Dataset entries:
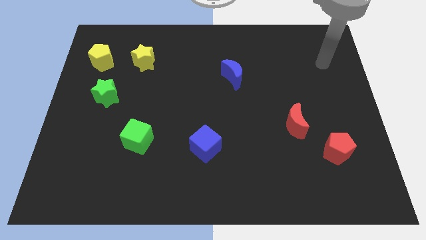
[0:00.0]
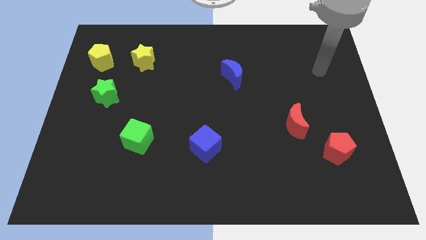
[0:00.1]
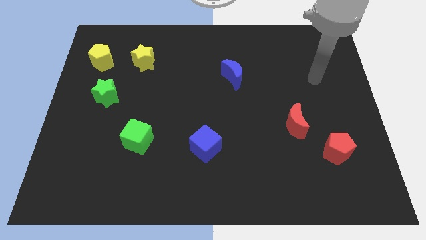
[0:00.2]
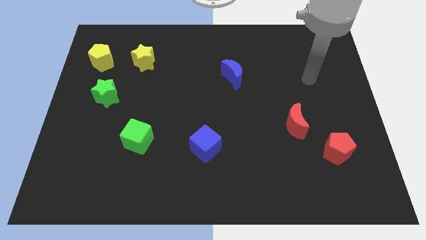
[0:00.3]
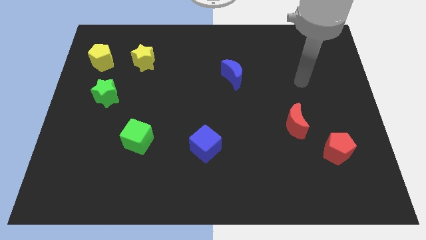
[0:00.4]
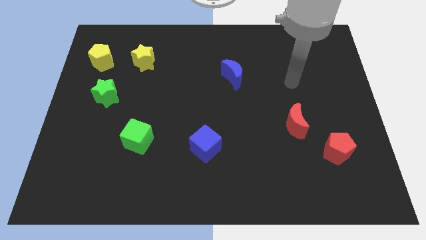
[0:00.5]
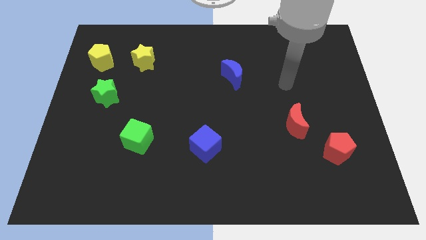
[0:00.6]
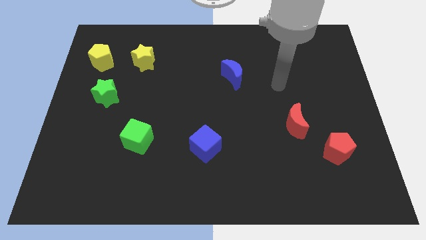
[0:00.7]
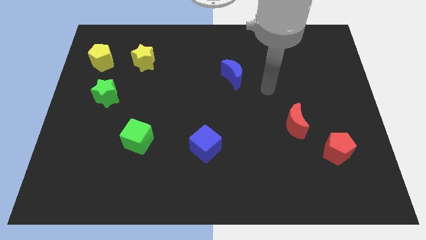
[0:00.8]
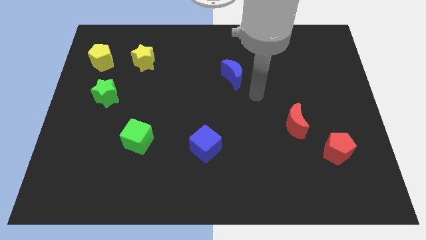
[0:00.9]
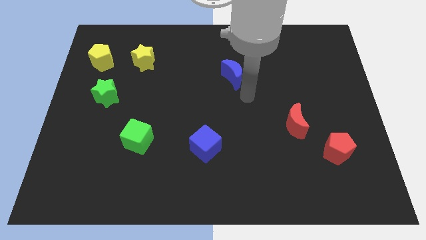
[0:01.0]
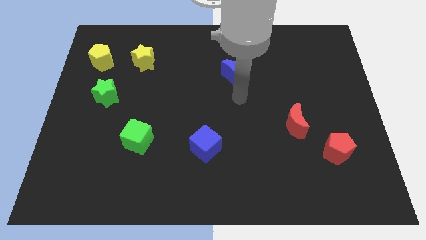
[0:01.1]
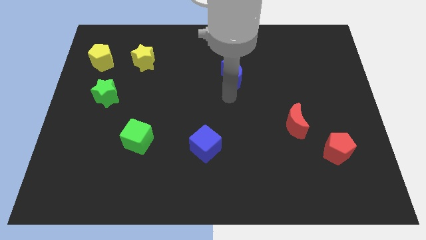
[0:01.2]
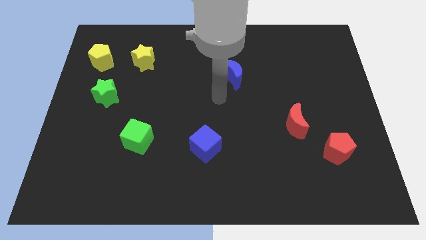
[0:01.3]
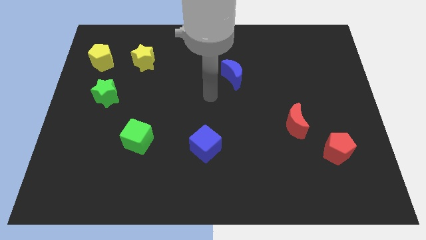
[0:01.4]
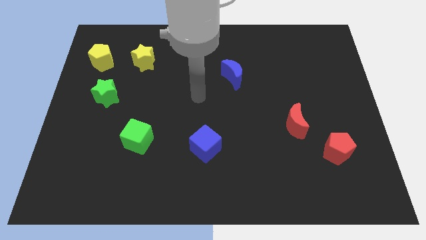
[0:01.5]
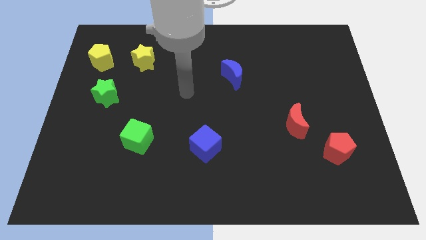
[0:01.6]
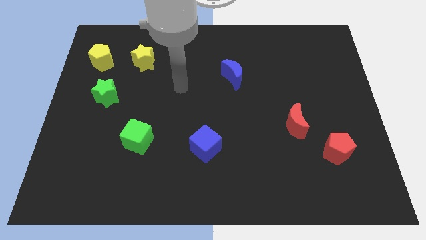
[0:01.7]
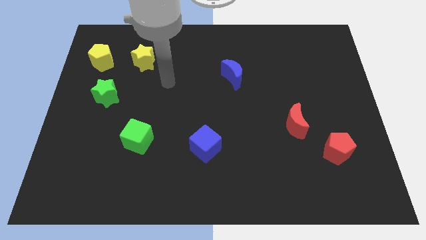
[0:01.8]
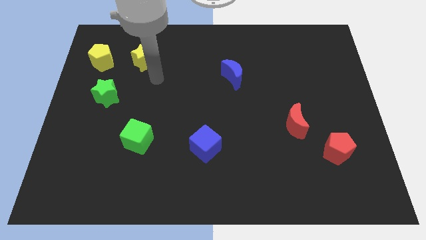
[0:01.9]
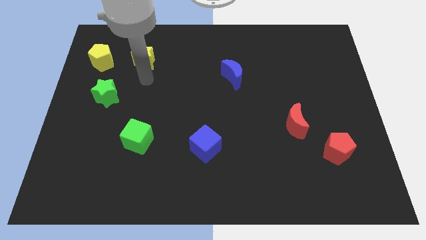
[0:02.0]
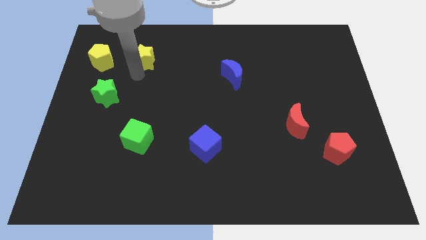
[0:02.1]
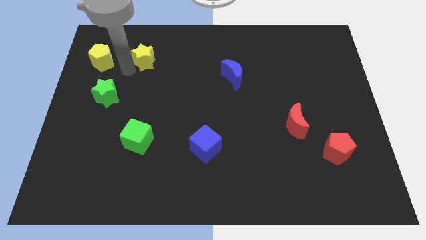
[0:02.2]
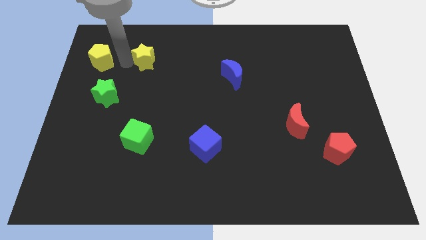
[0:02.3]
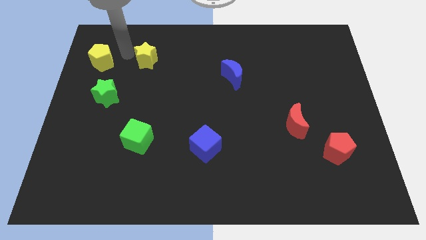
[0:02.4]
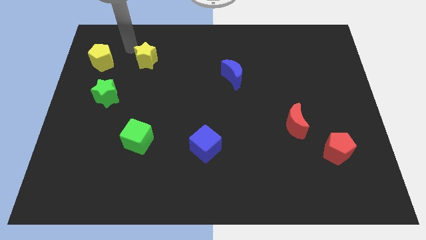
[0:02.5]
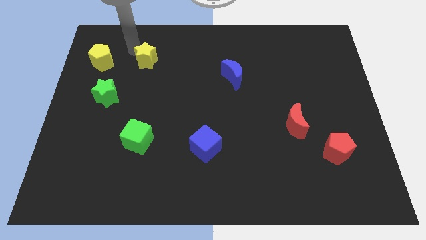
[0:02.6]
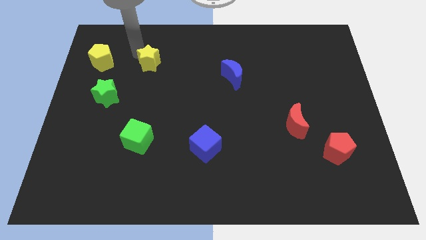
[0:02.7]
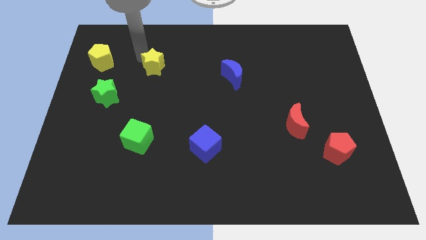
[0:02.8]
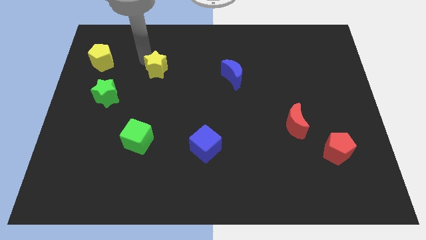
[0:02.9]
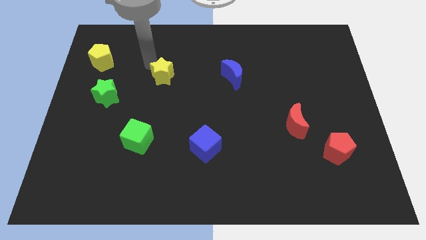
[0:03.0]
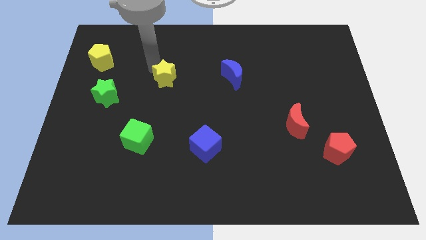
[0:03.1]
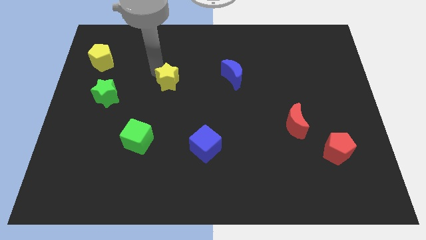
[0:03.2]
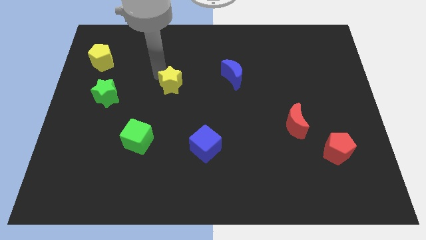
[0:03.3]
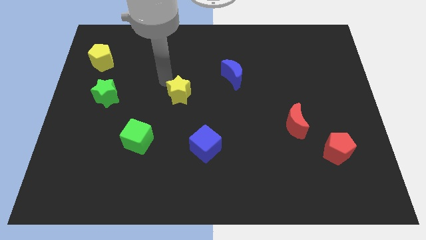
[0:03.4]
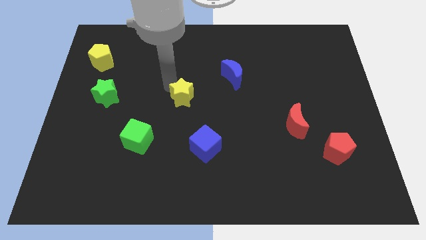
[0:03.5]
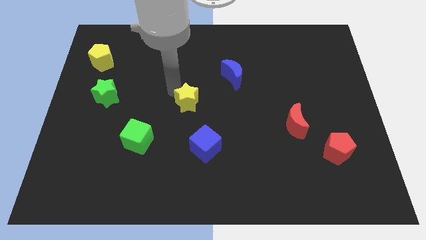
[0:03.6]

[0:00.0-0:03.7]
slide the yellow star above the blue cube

_BRIEF_
Print all the records exactly, minus any images.

_RESPONSE TO THIS EXERCISE_
[0:00.0]
[0:00.1]
[0:00.2]
[0:00.3]
[0:00.4]
[0:00.5]
[0:00.6]
[0:00.7]
[0:00.8]
[0:00.9]
[0:01.0]
[0:01.1]
[0:01.2]
[0:01.3]
[0:01.4]
[0:01.5]
[0:01.6]
[0:01.7]
[0:01.8]
[0:01.9]
[0:02.0]
[0:02.1]
[0:02.2]
[0:02.3]
[0:02.4]
[0:02.5]
[0:02.6]
[0:02.7]
[0:02.8]
[0:02.9]
[0:03.0]
[0:03.1]
[0:03.2]
[0:03.3]
[0:03.4]
[0:03.5]
[0:03.6]

[0:00.0-0:03.7]
slide the yellow star above the blue cube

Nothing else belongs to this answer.